Hi, I have this dynamic allocation of shared memory on my kernel code:
[codebox]extern shared char array3;
global void aKernel(int* d_a, int* d_b, …){
__shared__ int s_a;
__shared__ int s_b;
if(threadIdx.x == 0){
s_a = *(d_a+0);
s_b = *(d_b+0);
}
__syncthreads();
float* s_c = (float*)array3;
float* s_d = (float*)&s_c[s_a];
float* s_e = (float*)&s_d[s_a];
float* s_f = (float*)&s_e[s_a];
float* s_g = (float*)&s_f[s_a/s_b];
float* s_h = (float*)&s_g[s_a/s_b];
…
}[/codebox]
The kernel call code is:
[codebox]memory = sizeof(float)s_a3+sizeof(float)*(s_a/s_b)*3;
aKernel<<< grid, block, memory >>>(d_a, d_b, …);[/codebox]
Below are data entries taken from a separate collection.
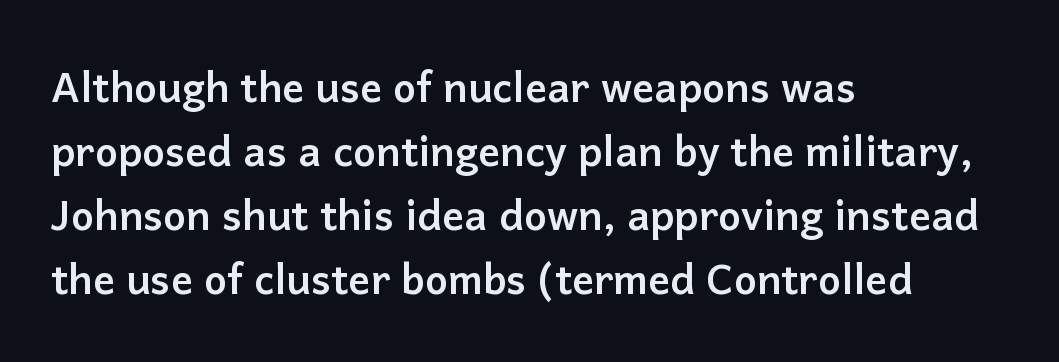
Nothing sits at the stroke ends, so this counts as sans-serif. Vertically, the passage feels balanced, rows spaced as you'd expect. The passage shown has conventional tracking throughout. Honestly, there is no underline to notice here at all.
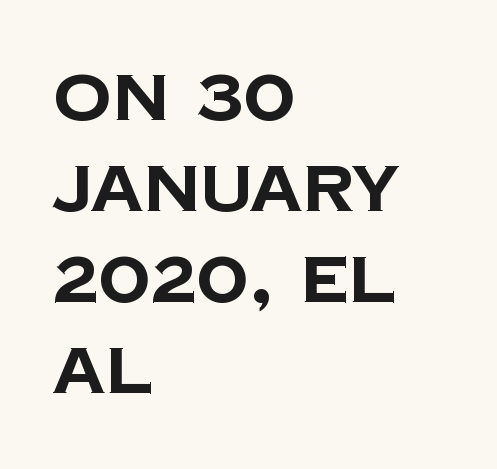
Q: Is the text bold? A: Yes.
Q: Is the typeface a serif or a sans-serif typeface? A: Sans-serif.
Q: Is the text underlined? A: No.
Q: How is the paragraph aligned? A: Left-aligned.
Q: Is the spacing between letters normal or unusually wide? A: Normal.
Q: Is the spacing between lines tight, normal or loose? A: Normal.
Q: Width (condensed, normal, or wide)? A: Normal.
Q: Stroke contrast? A: Low.
Q: x-height? A: Large.
Q: Monospaced? A: No.
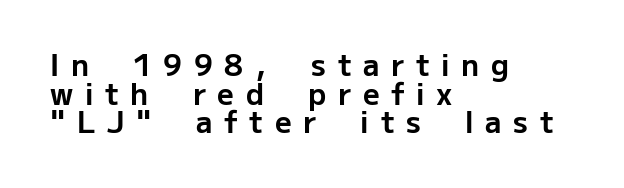
The image shows 29 px bold sans-serif type, upright; set left-aligned, tight line spacing (0.99x), unusually wide letter spacing (+0.4 em), not underlined; low stroke contrast and a medium x-height.
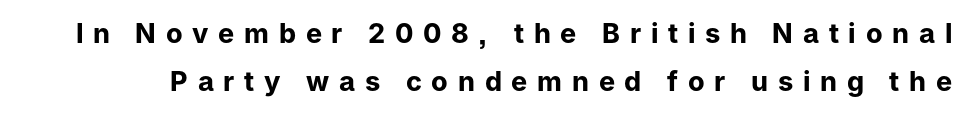
Ascenders rise straight up at ninety degrees. Letters rest on an invisible, unmarked baseline. Students, note that the glyphs here are deliberately spaced far apart. This is heavy type, rendered in bold.
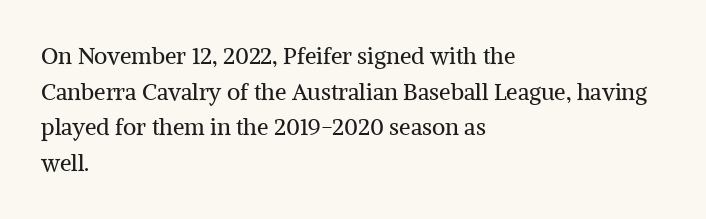
{"italic": "no", "bold": "no", "underline": "no", "align": "left", "line_spacing": "normal", "line_spacing_ratio": 1.55, "letter_spacing": "normal", "letter_spacing_em": 0.0, "glyph_px": 23}
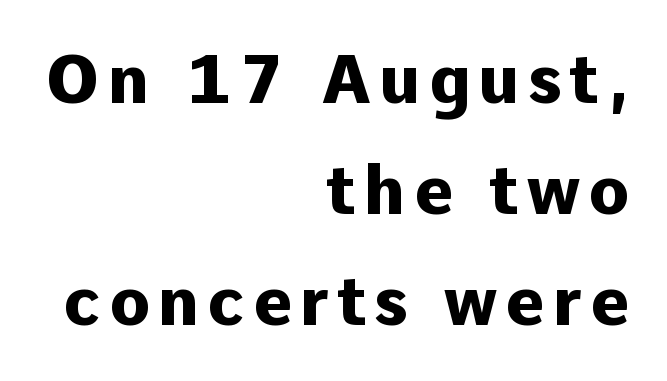
{"serif": "no", "italic": "no", "bold": "yes", "weight": "heavy", "width": "normal", "stroke_contrast": "low", "x_height": "medium", "monospaced": "no", "underline": "no", "align": "right", "line_spacing": "normal", "line_spacing_ratio": 1.66, "glyph_px": 67}

Then I get the following error on compile:
1>./c:\cuda\include\device_functions.h(1330): Error: Unaligned memory accesses not supported
When not using dynamic allocation in that kernel, no compilation errors appear and the execution runs successfully. I have other kernels in my code using the same technique to allocate shared memory, but none of them presents this problem. I think the problematic line is probably this: ‘float* s_c = (float*)array3;’.
Could someone please help me to solve this? Thanks.